ГЛАВА 6

I

— Самого главного? — переспросила Гейл.

Стаффорд помедлил, но тщеславие пересилило: он слишком гордился своими идеями и ему хотелось поразить ее — независимый историк открывает глаза академической науке.

— Я не буду вам открывать всех карт, — сказал он, — и ограничусь следующим. Действительно, все современные исследования по Эхнатону упоминают возможность того или иного заболевания. Но как второстепенное обстоятельство, как простую сноску на странице. Отметить и пойти дальше. Однако если это правда, то только представьте, что это может означать. Молодого человека неожиданно поражает ужасная и уродующая его болезнь. И не просто молодого человека, а обладающего практически неограниченной властью, которого льстивое окружение считает живущим богом. Вам не кажется, что это могло послужить катализатором всех новшеств и нововведений? Жрецы, выдающие его уродство не за проклятие, а за благословение? Художники, старающиеся представить безобразное прекрасным? Эхнатон постоянно клянется никогда не покидать Амарну, потому что здесь находился духовный дом его нового бога Атона. Но его заверения больше похожи на уловки испуганного юноши, ищущего предлог остаться дома. Амарна стала его убежищем. А окружение ни за что бы не осмелилось подвергнуть его слова сомнению.
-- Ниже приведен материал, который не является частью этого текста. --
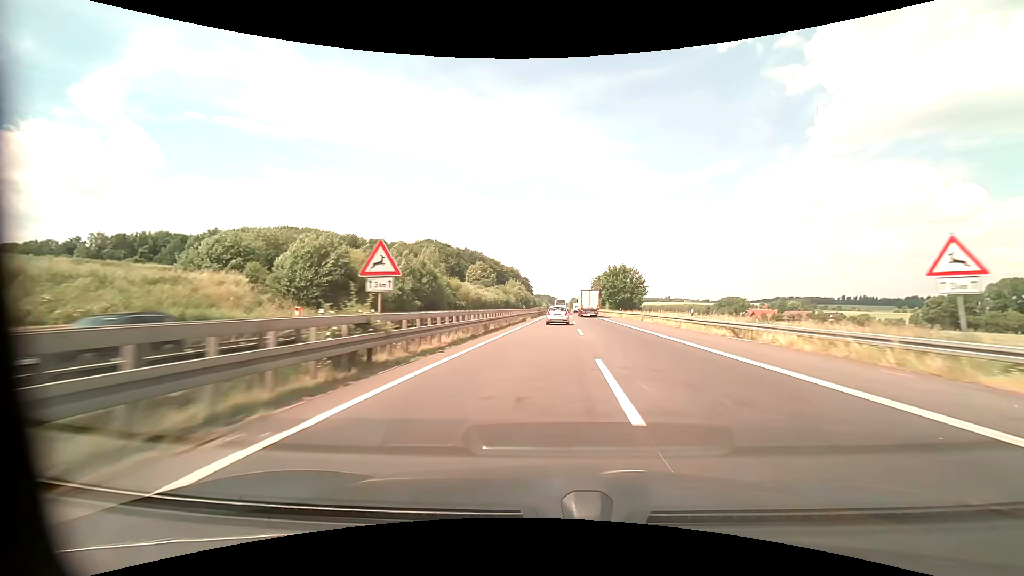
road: motorway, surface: asphalt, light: Day
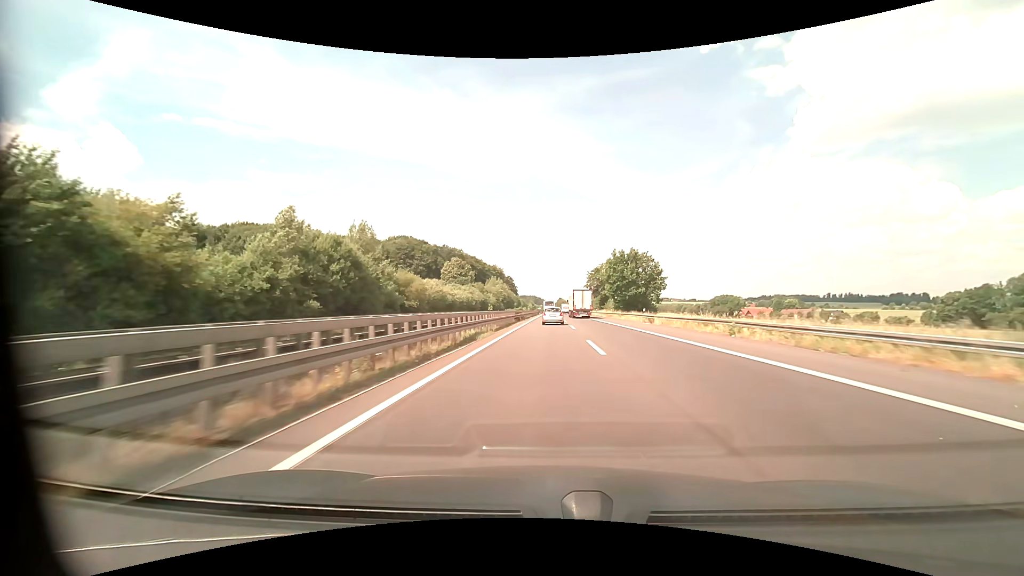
(+0.5, +28.8) m; +2°
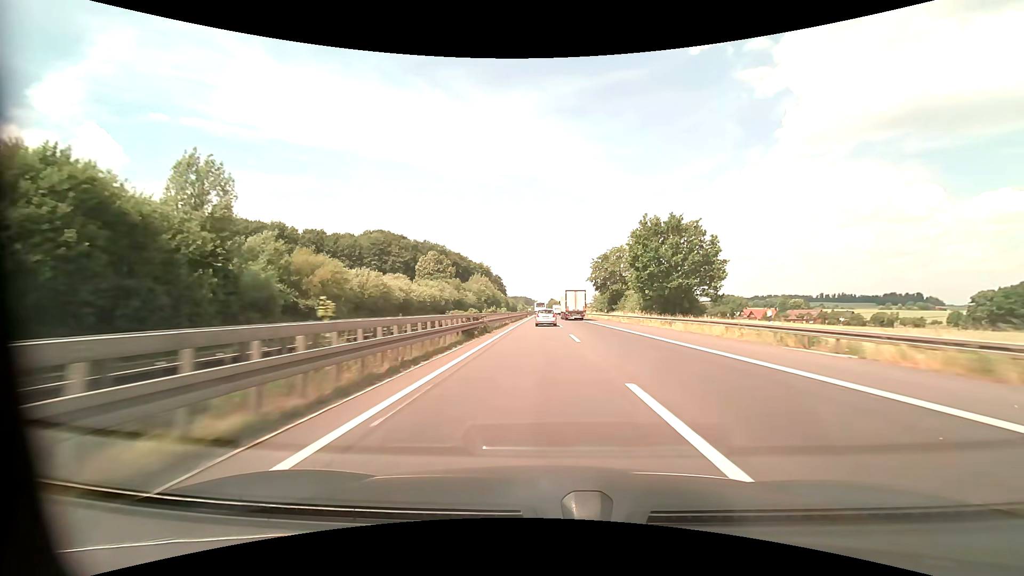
(+0.3, +29.8) m; +1°
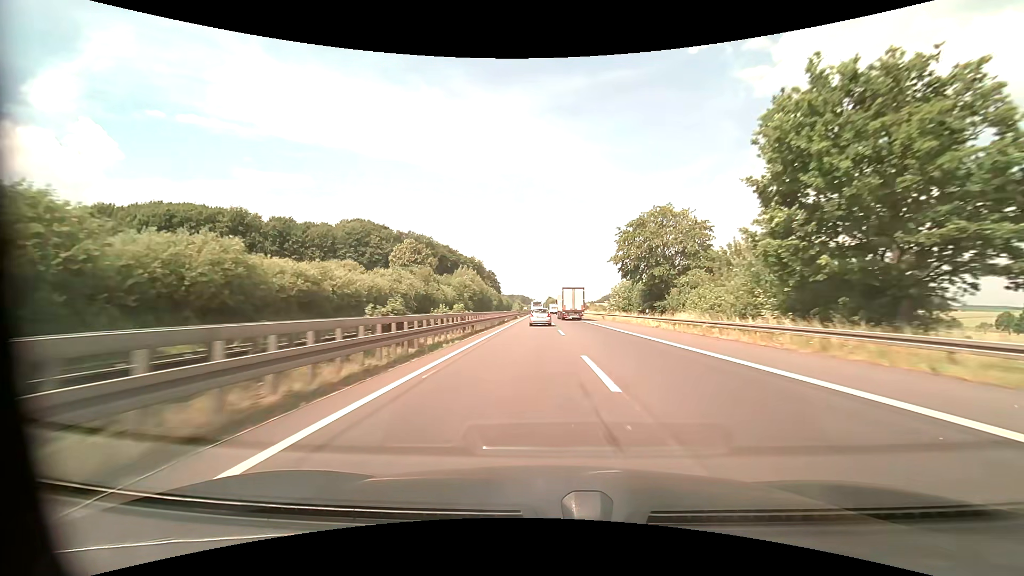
(+0.1, +31.3) m; 0°
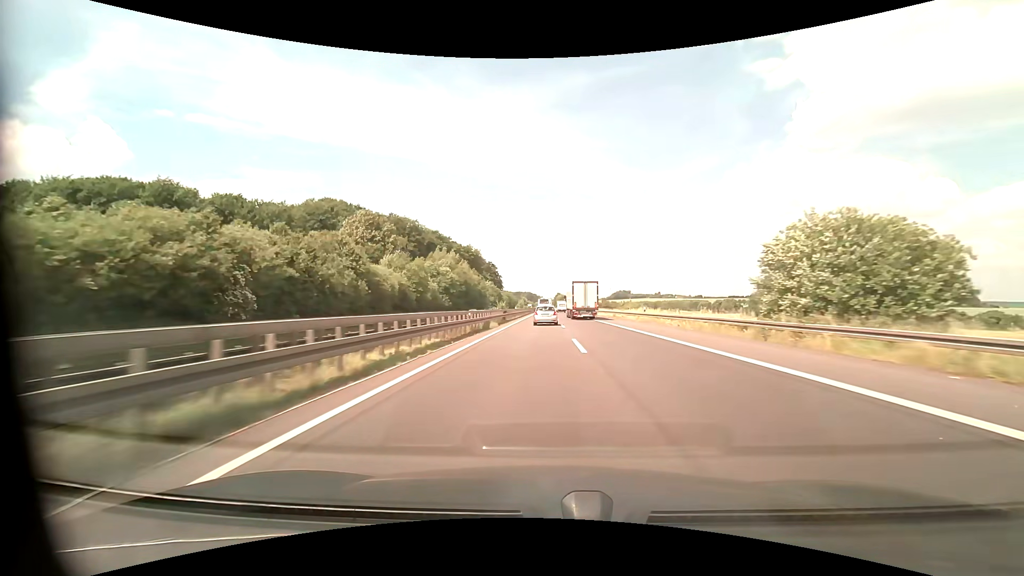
(-0.3, +48.3) m; -1°
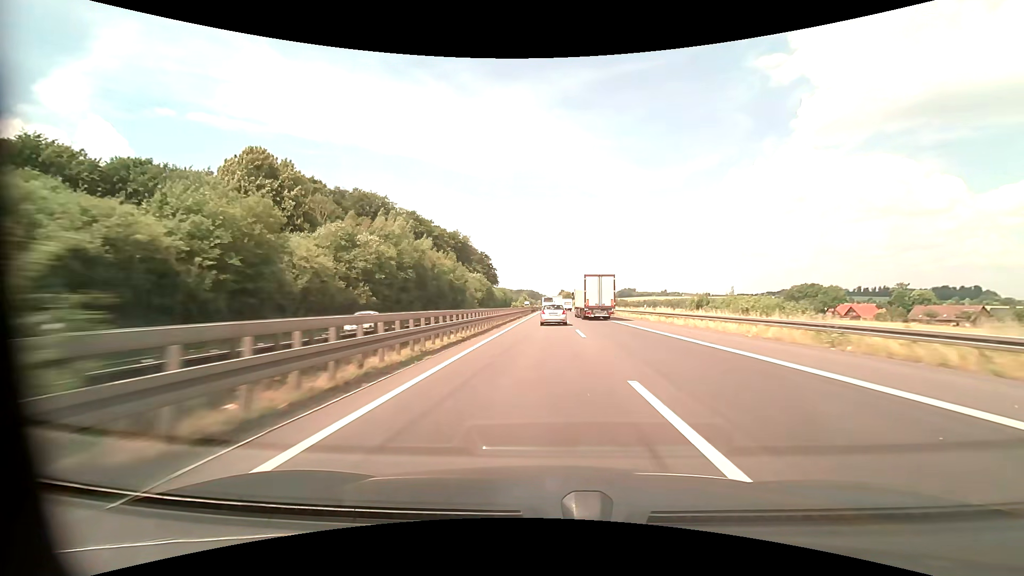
(-0.3, +48.2) m; 0°
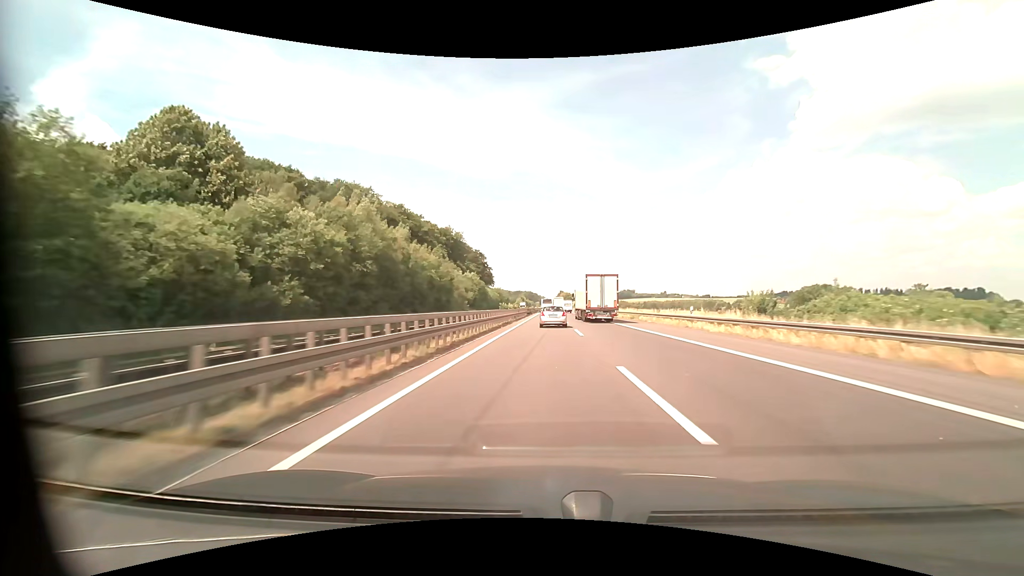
(0.0, +15.8) m; 0°
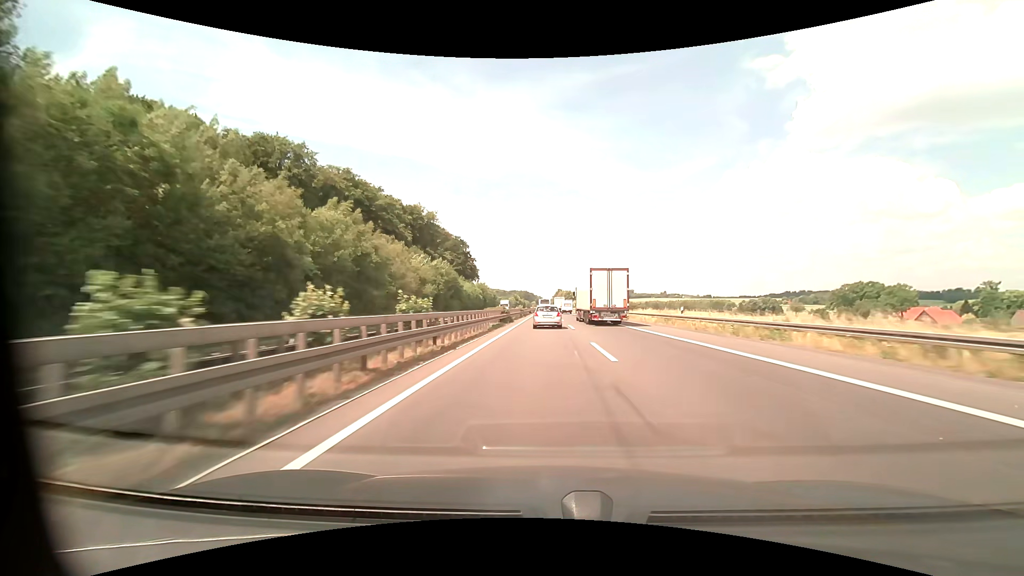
(+0.2, +47.3) m; 0°
(0, +10) (0, +20) (0, +30) (0, +40) (0, +50) (0, +60) (0, +70) (0, +80) (0, +90) (0, +100) m

— Возможно, — согласилась Гейл.

— Возможно — неправильное слово! — воскликнул Стаффорд. — Болезнь все объясняет. И дети его умерли молодыми.
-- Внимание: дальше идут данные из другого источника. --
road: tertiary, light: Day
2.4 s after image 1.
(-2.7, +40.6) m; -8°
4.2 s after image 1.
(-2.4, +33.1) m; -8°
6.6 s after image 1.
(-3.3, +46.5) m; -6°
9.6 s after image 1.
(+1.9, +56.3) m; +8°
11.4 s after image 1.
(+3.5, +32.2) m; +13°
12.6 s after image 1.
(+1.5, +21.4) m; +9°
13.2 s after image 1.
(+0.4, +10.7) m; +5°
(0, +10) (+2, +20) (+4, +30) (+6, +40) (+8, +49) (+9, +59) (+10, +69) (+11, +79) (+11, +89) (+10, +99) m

Они проехали мимо последнего поля, огороженного тонким рядом деревьев, и перед ними раскинулась настоящая пустыня, где не встретишь ничего, кроме желтых дюн и остроконечного хребта песчаника.

— Господи! — не удержалась Лили от восторга.

— Чудесный вид, — согласилась Гейл.

Здесь все напоминало пограничную полосу, где роль часовых, не пускающих враждебные пески, выполняли водонапорные башни, расположенные в километре-двух друг от друга. Она показала вперед через смотровое стекло:

— Видите то огороженное стеной строение? Туда мы и направляемся. Раньше здесь находилась электростанция, но потом южнее построили новую, и Фатима сюда переехала. Это место почти точно посередине между Гермополисом и Тюна-эль-Габель, что…

— Извините, если мой рассказ вам показался неинтересным, — сказал Стаффорд.

— Вовсе нет, — запротестовала Гейл. — Вы упомянули, что дети Эхнатона умерли в молодости.

— Да, — смягчился Стаффорд. — Шесть его дочерей точно, а также Сменхкара и знаменитый Тутанхамон, если они являлись его сыновьями, как считают некоторые. Синдром Марфана резко сокращает жизнь. В основном расслоением аорты. Особую опасность представляет период беременности из-за дополнительной нагрузки на сердце. По меньшей мере две дочери Эхнатона умерли во время родов.

— Тогда это не было редкостью, — уточнила Гейл. — Продолжительность жизни женщин составляла меньше тридцати лет, значительно короче, чем мужчин, и связано это было в основном с осложнениями при беременности.

— И Эхнатона часто упрекают, что он тратил время на поклонение Атону, вместо того чтобы не допустить распада империи. Но для синдрома Марфана характерна повышенная утомляемость. Возможно, поэтому он никогда не изображался за каким-нибудь энергичным занятием — максимум в колеснице. Болезнь объясняет и любовь к солнцу — страдающие этим недугом часто мерзнут. И плохо видят. Чтобы что-нибудь разглядеть, им нужно много света.

— Довольно рискованно выстраивать целую гипотезу на одном этом допущении.

— Вы ретрограды! — фыркнул Стаффорд. — Так боитесь оказаться неправыми! Все вас пугает, от всего хотите перестраховаться! Но я не ошибаюсь! Моя теория полностью объясняет поведение Эхнатона. Вы можете назвать хоть одну-другую, не уступающую моей?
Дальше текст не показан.